Food Sustainability Index 2021: sustainability challenges for the G20 countries

In a preview of the fourth edition of the report, the spotlight turns on the responsibilities of the “big players” of the world economy and the opportunities associated with their commitment to sustainability.

A few days after the end of the summit of economy ministers of the G20 countries (Venice, 8-11 July 2021) the Fixing Food 2021: An opportunity for G20 countries to lead the way report was presented during a webinar. The report is the result of a collaboration between experts of the Economist Intelligence Unit EIU and the Barilla Foundation

And the document focuses precisely on the G20 countries.

“With less than 10 years left to achieve the UN’s Sustainable Development Goals, bold action and strong leadership are needed to make our food systems more sustainable,” the report's authors write, pointing out that if current trends are not substantially changed, most of the 17 goals set for 2030 will not be achieved. 
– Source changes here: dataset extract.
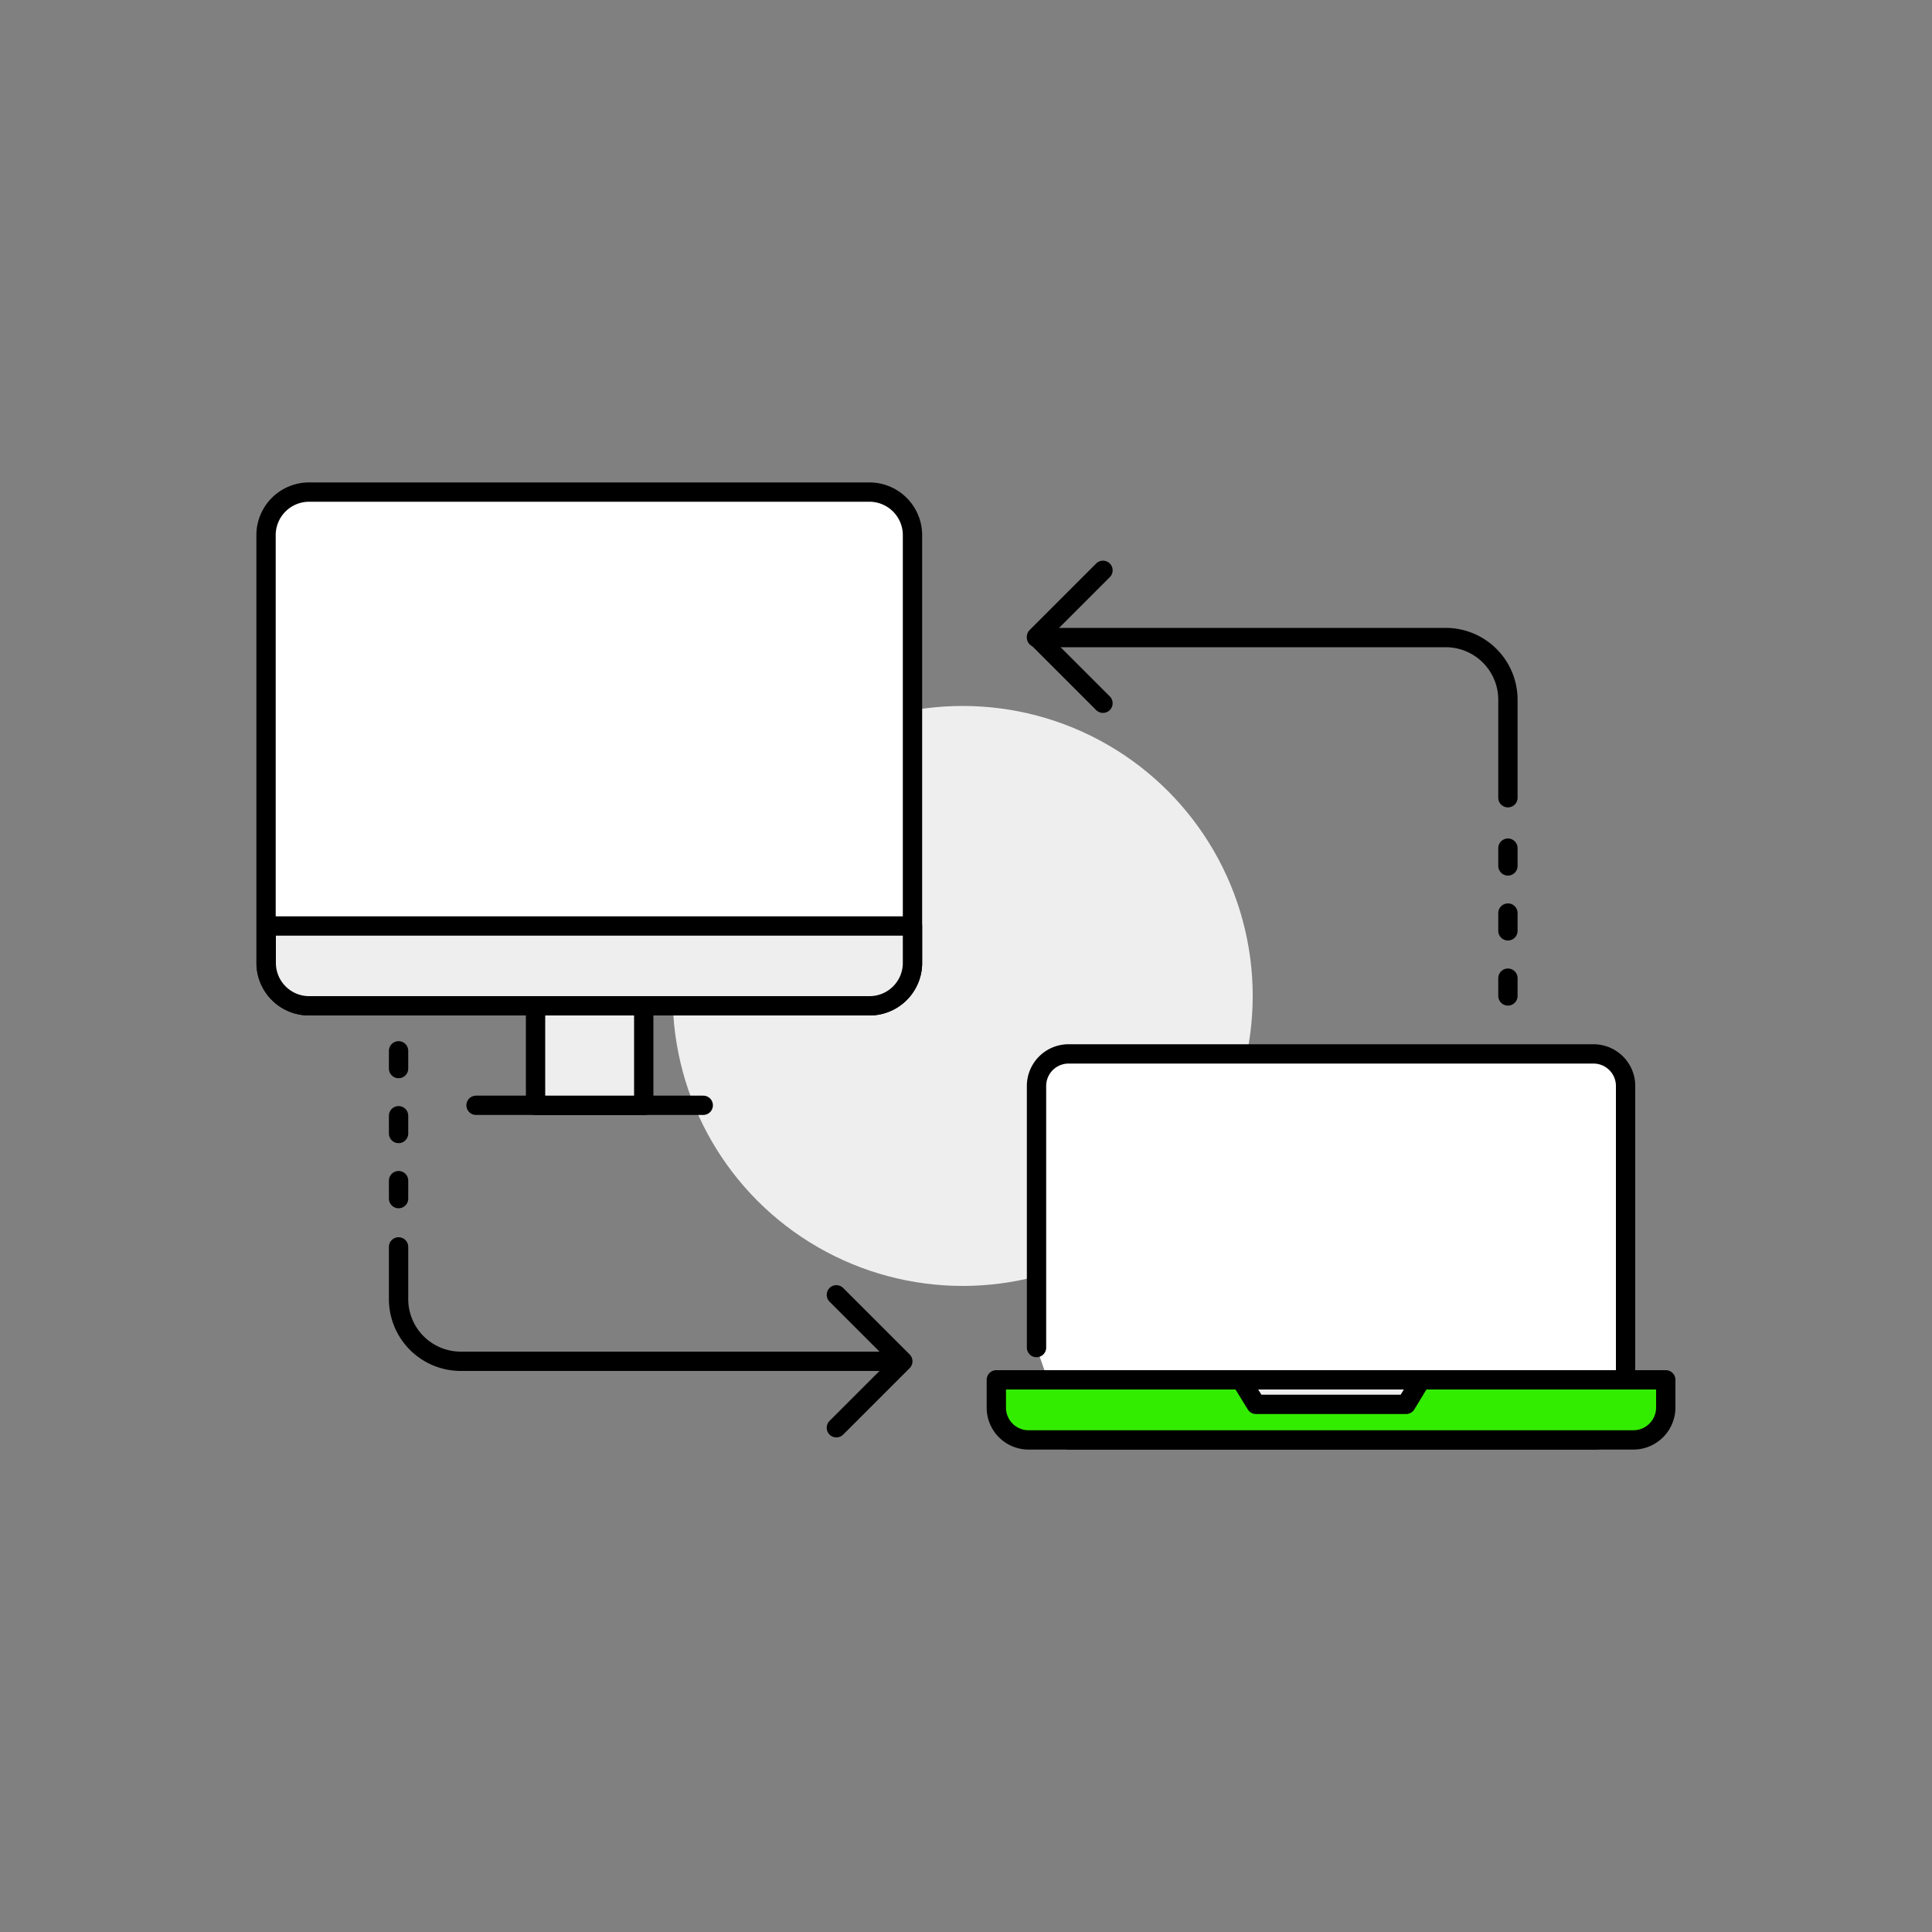 <?xml version="1.0" encoding="UTF-8"?> <svg xmlns="http://www.w3.org/2000/svg" id="Capa_1" data-name="Capa 1" viewBox="0 0 100 100"><rect x="0" y="0" width="100" height="100" fill="#808080" stroke="none"/><defs><style>.cls-1,.cls-2{fill:#eee;}.cls-2,.cls-3,.cls-4,.cls-5{stroke:#000;stroke-linecap:round;stroke-linejoin:round;}.cls-3{fill:#fff;}.cls-4{fill:#33ed00;}.cls-5{fill:none;}</style></defs><title>IPRG Icon</title><circle class="cls-1" cx="49.83" cy="51.55" r="15.01"></circle><rect class="cls-2" x="27.72" y="51.56" width="5.6" height="5.66"></rect><line class="cls-2" x1="24.64" y1="57.21" x2="36.4" y2="57.21"></line><path class="cls-3" d="M45,52.06H16a2.22,2.22,0,0,1-2.23-2.22V27.7A2.23,2.23,0,0,1,16,25.47H45a2.23,2.23,0,0,1,2.23,2.23V49.84A2.22,2.22,0,0,1,45,52.06Z"></path><path class="cls-2" d="M13.78,49.84A2.22,2.22,0,0,0,16,52.06H45a2.22,2.22,0,0,0,2.23-2.22V47.93H13.78Z"></path><path class="cls-3" d="M53.65,69.75V56.22a1.66,1.66,0,0,1,1.67-1.67H82.47a1.66,1.66,0,0,1,1.67,1.67V72.86a1.67,1.67,0,0,1-1.67,1.67H55.32"></path><path class="cls-4" d="M51.57,72.86a1.67,1.67,0,0,0,1.67,1.67h31.3a1.68,1.68,0,0,0,1.68-1.67V71.42H51.57Z"></path><polyline class="cls-5" points="57.09 36.4 53.65 32.96 57.09 29.52"></polyline><polyline class="cls-5" points="43.29 67.02 46.73 70.46 43.29 73.9"></polyline><polygon class="cls-2" points="64.23 71.42 73.55 71.42 72.78 72.69 65.01 72.69 64.23 71.42"></polygon><line class="cls-5" x1="20.63" y1="61.11" x2="20.63" y2="62.04"></line><line class="cls-5" x1="20.63" y1="57.75" x2="20.63" y2="58.67"></line><line class="cls-5" x1="20.63" y1="54.39" x2="20.63" y2="55.31"></line><line class="cls-5" x1="78.05" y1="50.63" x2="78.05" y2="51.55"></line><line class="cls-5" x1="78.05" y1="47.26" x2="78.05" y2="48.18"></line><line class="cls-5" x1="78.05" y1="43.9" x2="78.05" y2="44.82"></line><path class="cls-5" d="M46.07,70.46H23.85a3.22,3.22,0,0,1-3.22-3.22v-2.7"></path><path class="cls-5" d="M53.65,33H74.83a3.22,3.22,0,0,1,3.22,3.22v5.07"></path></svg>

G20 countries, leading actors

It is no coincidence that the report just presented draws attention to these nations. As described in detail by the experts, the so-called “big players” of the Earth in fact represent over 60% of the world population, 80% of the gross domestic product (GDP), but also 75% of all greenhouse gas emissions and use 60% of the arable land globally. “The challenge for G20 members is to become an example to other countries of how to achieve the Sustainable Development Goals: these nations have both the opportunity and the responsibility to pave the way towards more sustainable food systems,” said Martin Koehring. of the EIU, moderator of the webinar during which the report was officially presented

With this in mind, we cannot forget that “People, Planet and Prosperity” are the three keywords that represent the priorities of the 2021 G20 under the Italian presidency, priorities that cannot ignore the sustainability of food systems and food, with its cross-cutting impact on multiple issues discussed in international meetings. 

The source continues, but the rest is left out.